強い衝撃を受けて血まみれの森田は、記憶を失ったのか、岡田に笑いかけた。高校1年生のある夏の日、森田と岡田がテレビゲームを楽しんでいた、あの日のように。
スタッフ
- 監督・脚本 - 吉田恵輔
- 原作 - 古谷実
- 撮影 - 志田貴之
- 美術・装飾 - 龍田哲児
- 音楽 - 野村卓史
- 音楽プロデューサー - 和田亨
- 録音 - 小黒健太郎
- 整音 - 石貝洋
- 音響効果 - 勝亦さくら
- 照明 - 中西克之
- 編集 - 鈴木真一
- 衣装 - 加藤友美
- ヘアメイク - 加藤由紀
- キャスティング - 南谷夢
- アソシエイト・プロデューサー - 小出健
- ライン・プロデューサー - 深津智男
- 製作担当 - 竹上俊一
- 助監督 - 綾部真弥
- スクリプター - 増子さおり
- スタント&アクション - スタントチームGocoo
- コーディネーター - 森崎えいじ
- スタントパーソン - 雲雀大輔、坂手透浩、舟山弘一、高野ひろき、高嶋宏一郎
- 特殊造型メイク - 藤原カクセイ
- ガンエフェクト - BIGSHOT
- カースタント - ウェルムーブ、シャドウ・スタント
- VFX - オムニバス・ジャパン
- ラボ - IMAGICA
- 制作管理 - エンターテインメントパートナーズアジア
- エグゼクティブプロデューサー - 田中正、永田芳弘
- 企画 - 石田雄治
- 製作者 - 由里敬三、藤岡修、藤島ジュリーK.
- プロデューサー - 有重陽一、小松重之
- 製作 - 日活、ハピネット、ジェイ・ストーム
- 制作プロダクション - ジャンゴフィルム
- 配給 - 日活
原作との違い
- 監督・吉田によると、原作では森田が抱える痛みが大きなテーマになっているが、映画ではそれをあえて外し、観客に解釈をゆだねたという[5]。
- この改変について、原作ファンであり、漫画『進撃の巨人』の作者である諫山創はブログで、エンタメ映画として楽しかったが、原作のテーマである「反社会性人格障害者の悲哀」を矮小化していると感想を述べた[6]。
- 原作では、森田の内面がモノローグで詳細に描かれているが、映画ではほとんど描かれていない。

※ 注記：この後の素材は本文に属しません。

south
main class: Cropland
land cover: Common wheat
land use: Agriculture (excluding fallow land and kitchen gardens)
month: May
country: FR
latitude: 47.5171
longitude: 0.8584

- 理由として監督の吉田は、「サイコパスの葛藤」というテーマは漫画ならモノローグで伝わるが[7]、映画でしゃべり続けるのは厨二病みたいで痛いし[5][8]、2時間という短い時間の映画的な表現ではないこと[5]、また殺人鬼側の悲哀や事情を描いても被害者からしてみれば同情できないし殺人犯の擁護になりかねないこと[8][10]、これらを理由に「森田を突き放して、ある程度の距離感をとった」と語っている。
- 原作の森田がシリアルキラーになった理由は、生まれつき「普通じゃない」と彼自身が自覚したことだが、映画では森田の内面がほとんど語られないので理由が明示されない。しかし映画では、きっかけがあって森田が変わってしまったことが示唆されている。

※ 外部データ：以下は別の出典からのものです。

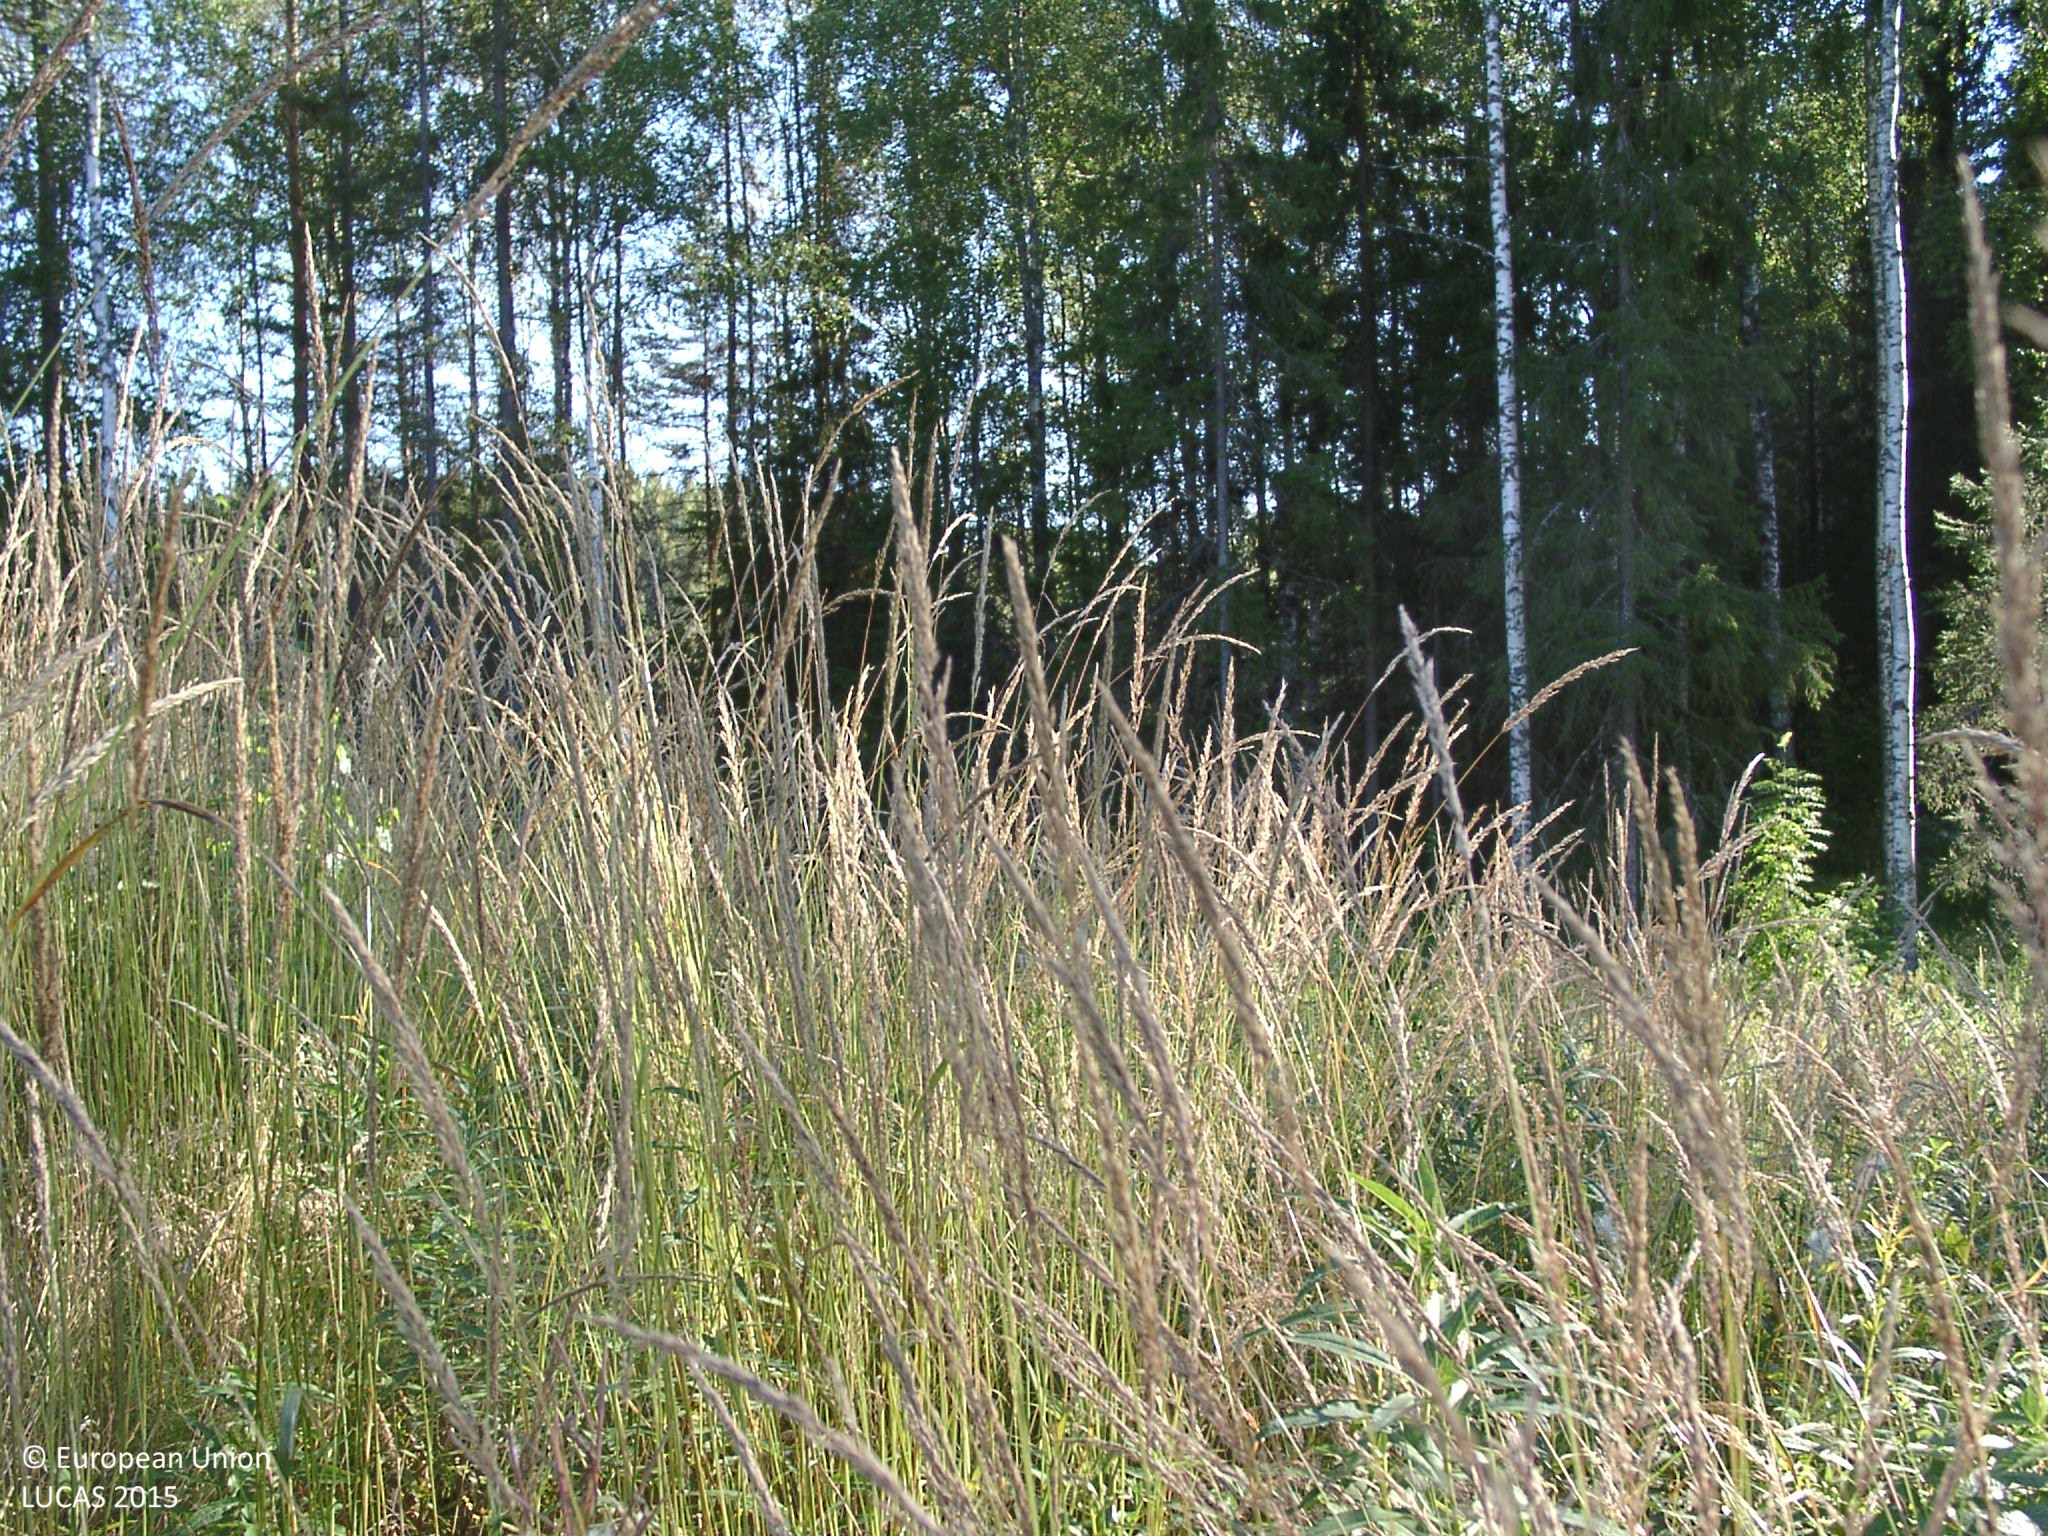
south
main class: Grassland
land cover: Grassland with sparse tree/shrub cover
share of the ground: > 75 %
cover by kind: herbaceous plants 90 %, coniferous forest trees 5 %, shrubs 5 %
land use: Forestry
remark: Clear cut
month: August
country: FI
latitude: 61.9087
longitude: 25.0119

- 映画では、「普通」だった森田が酷いいじめを受けて怪物になってしまったという流れで描いている[8]。吉田によると、生まれつきの殺人鬼は絶対にいないと信じたいからだという[8]。犯罪者は自分たちとは違う人間だと思っている人に、そうではないと言いたい意味合いもあるという。
- 吉田は、人生に絶望して自暴自棄になった人間は逆に欲望に忠実に動くようになるし、その可能性は誰にでもあるという感覚のほうがリアルで怖い[7]。事件を起こすような奴でも、誰かがそいつの手を離さないでいてやったら止められたのではないかと信じて、「そういう映画」にしたつもりだと語っている[10]。
- 原作とはラストがまったく異なる。
- 吉田は映画のクライマックスにはエンタテインメントな要素が必要だと語り、森田と岡田が対峙するシーンを作った[12]。

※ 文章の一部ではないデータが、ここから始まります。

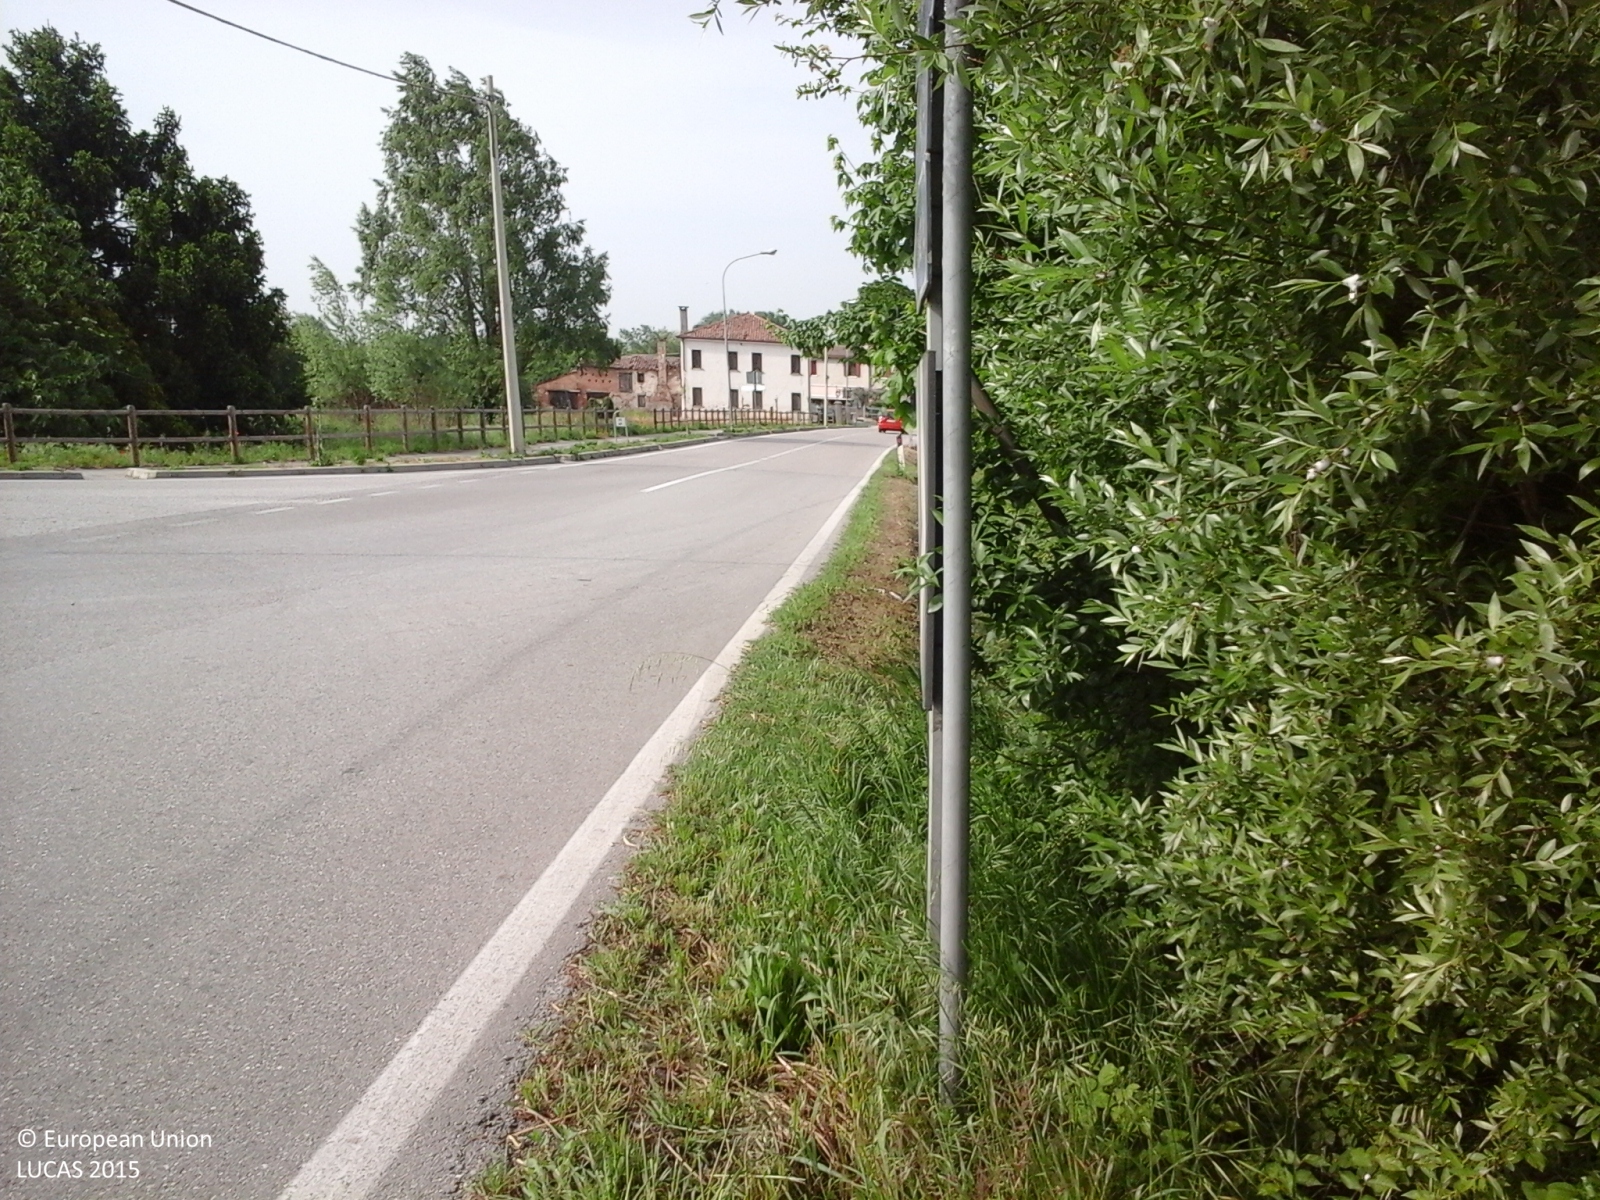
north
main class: Grassland
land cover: Grassland without tree/shrub cover
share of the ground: > 75 %
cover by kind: herbaceous plants 100 %
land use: Agriculture (excluding fallow land and kitchen gardens)
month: May
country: IT
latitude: 45.1480
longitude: 11.7139

- 吉田が最初考えていたのは、ユカと岡田が一緒に暮らし始め、家電を買いに行ったときに、背景のテレビに森田の映像が映っている、というすごく嫌な感じの終わりだったが、吉田の「少し優しい俺」が出てしまってラストシーンを変更した[13]。
- 映画を見た観客が、森田をただの変な奴だと認識して終わらないように、脚本の第2稿から「彼に対して負の感情を持たなかった唯一の味方」を登場させた。これに関してムロは、救いのある終わりで良かったと語っている。
- 最後のシーンはノスタルジーを感じさせる終わりかたにした[5]。森田はこのシーンをとても気に入っており、このシーンがあったからこの作品に出演したいと思ったと言っても過言ではないと語っている。
- ラストシーンの変更にともない、岡田だけでなくユカや安藤も森田と直接的に関わるよう改変されている。
- 映画では岡田と森田が近しい友人になっている。
- 原作のユカはしっかりしたタイプの女性だが、映画では吉田の好みである、男性の理想の女の子になっている[16]。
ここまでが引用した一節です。